Today we’d like to introduce you to Tim Marsh.  

Hi Tim, it’s an honor to have you on the platform. Thanks for taking the time to share your story with us – to start maybe you can share some of your backstory with our readers.
Born in the Pittsburgh area and moved East of Ann Arbor at the age of 4 years, where I lived during childhood and most of my adult life. From those early years, my interest in nature and art grew and became a staple in my life. 

When in my mid 20’s I relocated back to the Pittsburgh area for two years, where I worked for the original Kauffmann’s department store in visual merchandising for Men’s, as a street window designer, and special events promotions. 

These were the Kauffmann’s who commissioned Frank Lloyd Wright to build his most famous home, Falling Waters, which I’ve been to three times. 

After returning, I married my childhood sweetheart and started a family while working for a large Michigan-based retailer and would continue to do so for 27 years until 2017. 

Throughout this time I continued my work as an artist honing my skills while creating, exhibiting, doing shows, art fairs, selling, and teaching in various location in Southeast Michigan.
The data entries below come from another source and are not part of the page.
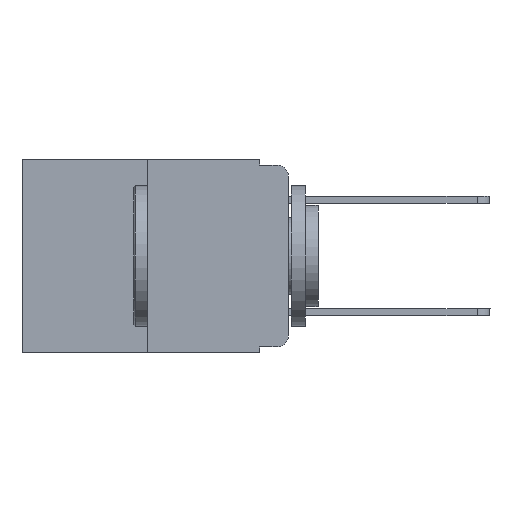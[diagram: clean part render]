
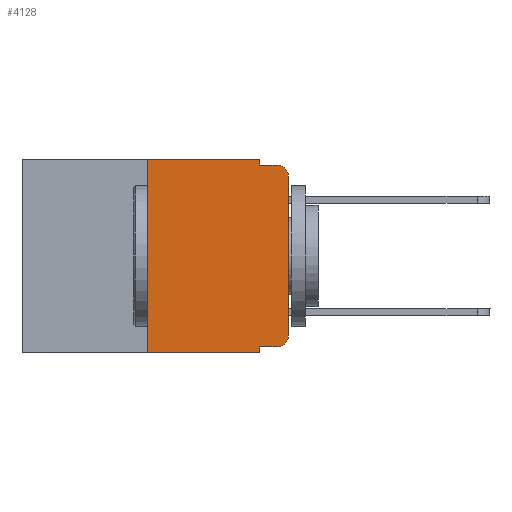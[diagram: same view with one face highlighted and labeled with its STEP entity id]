
A CAD part, left-side view. The second image highlights one B-rep face of the part: STEP entity #4128.
In plain terms, the highlighted planar face has unit normal (-1, 0, 0).
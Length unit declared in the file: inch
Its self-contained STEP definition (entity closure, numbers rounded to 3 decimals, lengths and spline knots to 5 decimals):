
#8 = ORIENTED_EDGE ( 'NONE', *, *, #6790, .F. ) ;
#61 = DIRECTION ( 'NONE',  ( 0., 0., -1. ) ) ;
#133 = LINE ( 'NONE', #10676, #5779 ) ;
#386 = ORIENTED_EDGE ( 'NONE', *, *, #10280, .T. ) ;
#815 = EDGE_CURVE ( 'NONE', #8454, #5649, #4204, .T. ) ;
#832 = CARTESIAN_POINT ( 'NONE',  ( 0., 0.25, 0. ) ) ;
#897 = VERTEX_POINT ( 'NONE', #1040 ) ;
#1040 = CARTESIAN_POINT ( 'NONE',  ( 0., 0.051, 0. ) ) ;
#1491 = EDGE_CURVE ( 'NONE', #897, #6543, #7728, .T. ) ;
#1530 = LINE ( 'NONE', #13848, #5350 ) ;
#1545 = CARTESIAN_POINT ( 'NONE',  ( 0., 0.051, -0.01 ) ) ;
#1668 = LINE ( 'NONE', #12333, #7535 ) ;
#1757 = CARTESIAN_POINT ( 'NONE',  ( 0., 0., 0. ) ) ;
#1995 = VECTOR ( 'NONE', #2950, 39.37008 ) ;
#2009 = EDGE_CURVE ( 'NONE', #3966, #11622, #11403, .T. ) ;
#2101 = CARTESIAN_POINT ( 'NONE',  ( 0., 0.473, 0. ) ) ;
#2487 = ORIENTED_EDGE ( 'NONE', *, *, #11421, .F. ) ;
#2646 = CARTESIAN_POINT ( 'NONE',  ( 0., 0.25, -0.343 ) ) ;
#2947 = VECTOR ( 'NONE', #9583, 39.37008 ) ;
#2950 = DIRECTION ( 'NONE',  ( 0., 0., 1. ) ) ;
#3247 = ORIENTED_EDGE ( 'NONE', *, *, #1491, .F. ) ;
#3966 = VERTEX_POINT ( 'NONE', #8416 ) ;
#3998 = CARTESIAN_POINT ( 'NONE',  ( 0., 0.473, -0.343 ) ) ;
#4128 = ADVANCED_FACE ( 'NONE', ( #13624 ), #9696, .F. ) ;
#4204 = LINE ( 'NONE', #3998, #6725 ) ;
#4232 = DIRECTION ( 'NONE',  ( -1., 0., 0. ) ) ;
#4291 = DIRECTION ( 'NONE',  ( 1., 0., 0. ) ) ;
#4424 = CARTESIAN_POINT ( 'NONE',  ( 0., 0.02, -0.313 ) ) ;
#4480 = CARTESIAN_POINT ( 'NONE',  ( 0., 0.051, -0.343 ) ) ;
#4543 = CARTESIAN_POINT ( 'NONE',  ( 0., 0., -0.03 ) ) ;
#4831 = ORIENTED_EDGE ( 'NONE', *, *, #12127, .T. ) ;
#4883 = DIRECTION ( 'NONE',  ( 0., -1., 0. ) ) ;
#5040 = AXIS2_PLACEMENT_3D ( 'NONE', #4424, #4232, #8533 ) ;
#5145 = LINE ( 'NONE', #832, #1995 ) ;
#5318 = DIRECTION ( 'NONE',  ( 0., 0., -1. ) ) ;
#5350 = VECTOR ( 'NONE', #8504, 39.37008 ) ;
#5468 = DIRECTION ( 'NONE',  ( 0., 0., -1. ) ) ;
#5649 = VERTEX_POINT ( 'NONE', #4480 ) ;
#5779 = VECTOR ( 'NONE', #5318, 39.37008 ) ;
#5795 = LINE ( 'NONE', #2101, #2947 ) ;
#6037 = EDGE_LOOP ( 'NONE', ( #4831, #386, #2487, #3247, #13216, #8, #9975, #9576, #6210, #9059 ) ) ;
#6210 = ORIENTED_EDGE ( 'NONE', *, *, #9611, .T. ) ;
#6444 = VERTEX_POINT ( 'NONE', #4543 ) ;
#6481 = VERTEX_POINT ( 'NONE', #9362 ) ;
#6543 = VERTEX_POINT ( 'NONE', #1545 ) ;
#6568 = CARTESIAN_POINT ( 'NONE',  ( 0., 0.051, 0. ) ) ;
#6725 = VECTOR ( 'NONE', #13539, 39.37008 ) ;
#6790 = EDGE_CURVE ( 'NONE', #8454, #6481, #5145, .T. ) ;
#6865 = VECTOR ( 'NONE', #5468, 39.37008 ) ;
#7002 = EDGE_CURVE ( 'NONE', #6481, #897, #5795, .T. ) ;
#7346 = CARTESIAN_POINT ( 'NONE',  ( 0., 0.02, -0.03 ) ) ;
#7520 = EDGE_CURVE ( 'NONE', #13676, #5649, #133, .T. ) ;
#7535 = VECTOR ( 'NONE', #4883, 39.37008 ) ;
#7728 = LINE ( 'NONE', #6568, #6865 ) ;
#7734 = AXIS2_PLACEMENT_3D ( 'NONE', #7346, #10699, #61 ) ;
#8200 = AXIS2_PLACEMENT_3D ( 'NONE', #10710, #4291, #11852 ) ;
#8416 = CARTESIAN_POINT ( 'NONE',  ( 0., 0.02, -0.333 ) ) ;
#8454 = VERTEX_POINT ( 'NONE', #2646 ) ;
#8504 = DIRECTION ( 'NONE',  ( 0., -1., 0. ) ) ;
#8533 = DIRECTION ( 'NONE',  ( 0., 0., -1. ) ) ;
#8694 = CIRCLE ( 'NONE', #7734, 0.02 ) ;
#9059 = ORIENTED_EDGE ( 'NONE', *, *, #2009, .T. ) ;
#9250 = DIRECTION ( 'NONE',  ( 0., 0., 1. ) ) ;
#9343 = CARTESIAN_POINT ( 'NONE',  ( 0., 0.02, -0.01 ) ) ;
#9362 = CARTESIAN_POINT ( 'NONE',  ( 0., 0.25, 0. ) ) ;
#9576 = ORIENTED_EDGE ( 'NONE', *, *, #7520, .F. ) ;
#9583 = DIRECTION ( 'NONE',  ( 0., -1., 0. ) ) ;
#9611 = EDGE_CURVE ( 'NONE', #13676, #3966, #1530, .T. ) ;
#9696 = PLANE ( 'NONE',  #8200 ) ;
#9975 = ORIENTED_EDGE ( 'NONE', *, *, #815, .T. ) ;
#10280 = EDGE_CURVE ( 'NONE', #6444, #12246, #8694, .T. ) ;
#10676 = CARTESIAN_POINT ( 'NONE',  ( 0., 0.051, 0. ) ) ;
#10699 = DIRECTION ( 'NONE',  ( -1., 0., 0. ) ) ;
#10710 = CARTESIAN_POINT ( 'NONE',  ( 0., 0.473, 0. ) ) ;
#11403 = CIRCLE ( 'NONE', #5040, 0.02 ) ;
#11421 = EDGE_CURVE ( 'NONE', #6543, #12246, #1668, .T. ) ;
#11499 = CARTESIAN_POINT ( 'NONE',  ( 0., 0., -0.313 ) ) ;
#11622 = VERTEX_POINT ( 'NONE', #11499 ) ;
#11852 = DIRECTION ( 'NONE',  ( 0., 0., -1. ) ) ;
#12127 = EDGE_CURVE ( 'NONE', #11622, #6444, #12365, .T. ) ;
#12246 = VERTEX_POINT ( 'NONE', #9343 ) ;
#12333 = CARTESIAN_POINT ( 'NONE',  ( 0., 0.051, -0.01 ) ) ;
#12365 = LINE ( 'NONE', #1757, #13213 ) ;
#12857 = CARTESIAN_POINT ( 'NONE',  ( 0., 0.051, -0.333 ) ) ;
#13213 = VECTOR ( 'NONE', #9250, 39.37008 ) ;
#13216 = ORIENTED_EDGE ( 'NONE', *, *, #7002, .F. ) ;
#13539 = DIRECTION ( 'NONE',  ( 0., -1., 0. ) ) ;
#13624 = FACE_OUTER_BOUND ( 'NONE', #6037, .T. ) ;
#13676 = VERTEX_POINT ( 'NONE', #12857 ) ;
#13848 = CARTESIAN_POINT ( 'NONE',  ( 0., 0.051, -0.333 ) ) ;
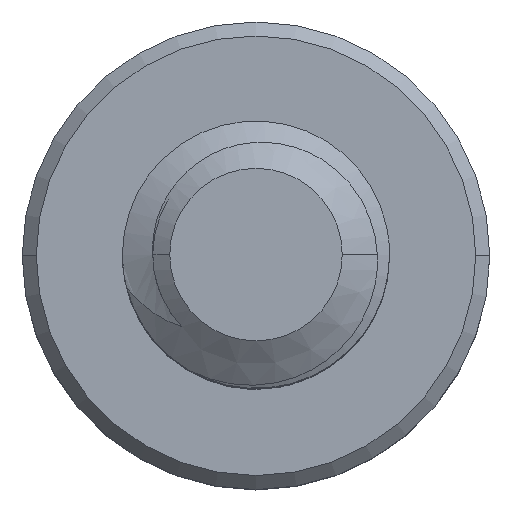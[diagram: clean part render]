
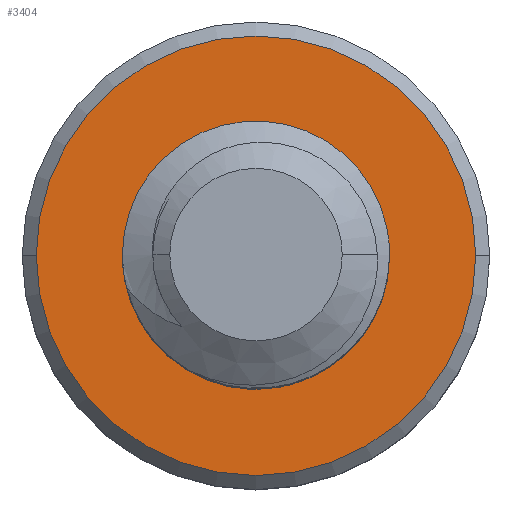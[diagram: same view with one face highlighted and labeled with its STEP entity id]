
A CAD part, top view. The second image highlights one B-rep face of the part: STEP entity #3404.
In plain terms, the highlighted planar face has unit normal (0, 0, 1).
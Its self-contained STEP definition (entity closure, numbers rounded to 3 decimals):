
#13 = VERTEX_POINT ( 'NONE', #673 ) ;
#54 = EDGE_CURVE ( 'NONE', #2857, #13, #2478, .T. ) ;
#69 = AXIS2_PLACEMENT_3D ( 'NONE', #2643, #3454, #4021 ) ;
#183 = DIRECTION ( 'NONE',  ( 0., 0., 1. ) ) ;
#257 = VERTEX_POINT ( 'NONE', #726 ) ;
#270 = EDGE_CURVE ( 'NONE', #13, #2857, #3864, .T. ) ;
#426 = AXIS2_PLACEMENT_3D ( 'NONE', #2406, #1037, #4040 ) ;
#673 = CARTESIAN_POINT ( 'NONE',  ( -3.29, 0., -10. ) ) ;
#726 = CARTESIAN_POINT ( 'NONE',  ( 2., 0., -10. ) ) ;
#730 = AXIS2_PLACEMENT_3D ( 'NONE', #3381, #1394, #3693 ) ;
#760 = AXIS2_PLACEMENT_3D ( 'NONE', #2288, #183, #2578 ) ;
#769 = PLANE ( 'NONE',  #2871 ) ;
#1031 = CIRCLE ( 'NONE', #730, 2. ) ;
#1037 = DIRECTION ( 'NONE',  ( 0., 0., 1. ) ) ;
#1126 = DIRECTION ( 'NONE',  ( -1., 0., 0. ) ) ;
#1394 = DIRECTION ( 'NONE',  ( 0., 0., 1. ) ) ;
#1600 = ORIENTED_EDGE ( 'NONE', *, *, #1854, .F. ) ;
#1767 = VERTEX_POINT ( 'NONE', #2531 ) ;
#1799 = EDGE_CURVE ( 'NONE', #1767, #257, #2924, .T. ) ;
#1809 = DIRECTION ( 'NONE',  ( 0., 0., -1. ) ) ;
#1854 = EDGE_CURVE ( 'NONE', #257, #1767, #1031, .T. ) ;
#2288 = CARTESIAN_POINT ( 'NONE',  ( 0., 0., -10. ) ) ;
#2406 = CARTESIAN_POINT ( 'NONE',  ( 0., 0., -10. ) ) ;
#2478 = CIRCLE ( 'NONE', #69, 3.29 ) ;
#2531 = CARTESIAN_POINT ( 'NONE',  ( -2., 0., -10. ) ) ;
#2578 = DIRECTION ( 'NONE',  ( 1., 0., 0. ) ) ;
#2643 = CARTESIAN_POINT ( 'NONE',  ( 0., 0., -10. ) ) ;
#2663 = FACE_BOUND ( 'NONE', #3967, .T. ) ;
#2666 = ORIENTED_EDGE ( 'NONE', *, *, #1799, .F. ) ;
#2857 = VERTEX_POINT ( 'NONE', #3030 ) ;
#2871 = AXIS2_PLACEMENT_3D ( 'NONE', #3756, #1809, #1126 ) ;
#2924 = CIRCLE ( 'NONE', #760, 2. ) ;
#3030 = CARTESIAN_POINT ( 'NONE',  ( 3.29, 0., -10. ) ) ;
#3381 = CARTESIAN_POINT ( 'NONE',  ( 0., 0., -10. ) ) ;
#3404 = ADVANCED_FACE ( 'NONE', ( #3444, #2663 ), #769, .F. ) ;
#3444 = FACE_OUTER_BOUND ( 'NONE', #3845, .T. ) ;
#3454 = DIRECTION ( 'NONE',  ( 0., 0., 1. ) ) ;
#3693 = DIRECTION ( 'NONE',  ( 1., 0., 0. ) ) ;
#3752 = ORIENTED_EDGE ( 'NONE', *, *, #54, .T. ) ;
#3756 = CARTESIAN_POINT ( 'NONE',  ( 0., 0., -10. ) ) ;
#3845 = EDGE_LOOP ( 'NONE', ( #3965, #3752 ) ) ;
#3864 = CIRCLE ( 'NONE', #426, 3.29 ) ;
#3965 = ORIENTED_EDGE ( 'NONE', *, *, #270, .T. ) ;
#3967 = EDGE_LOOP ( 'NONE', ( #1600, #2666 ) ) ;
#4021 = DIRECTION ( 'NONE',  ( -1., 0., 0. ) ) ;
#4040 = DIRECTION ( 'NONE',  ( -1., 0., 0. ) ) ;

I’ve always enjoyed meeting people at art shows and exhibits, whether artists or art enthusiasts, and chatting about what it all means and how it affects all of us. What I enjoyed most about teaching was sharing in the artistic energy of the kids and watching their unique creativity develop. There are a couple that I’m still connected with today and have become accomplished artist. The thought that I may have influenced them in a positive way is very meaningful to me. 

The same way that a couple of my teachers did for me. 

I’ve shown my work mainly throughout Michigan, Ohio, Indiana, Florida, Pennsylvania, and California. I’ve sold my work throughout the US as well as other countries. 

I’ve been fortunate enough to win awards for my work in several events and be featured in many shows including as featured artist for the Ann Arbor Summer Art Fair in 2010 with my award-winning painting titled “Monkey Business”. However, my most treasured awards are the 8 People’s Choice awards. It pleases me to know that other people who I don’t know enjoy my work enough to let me know. 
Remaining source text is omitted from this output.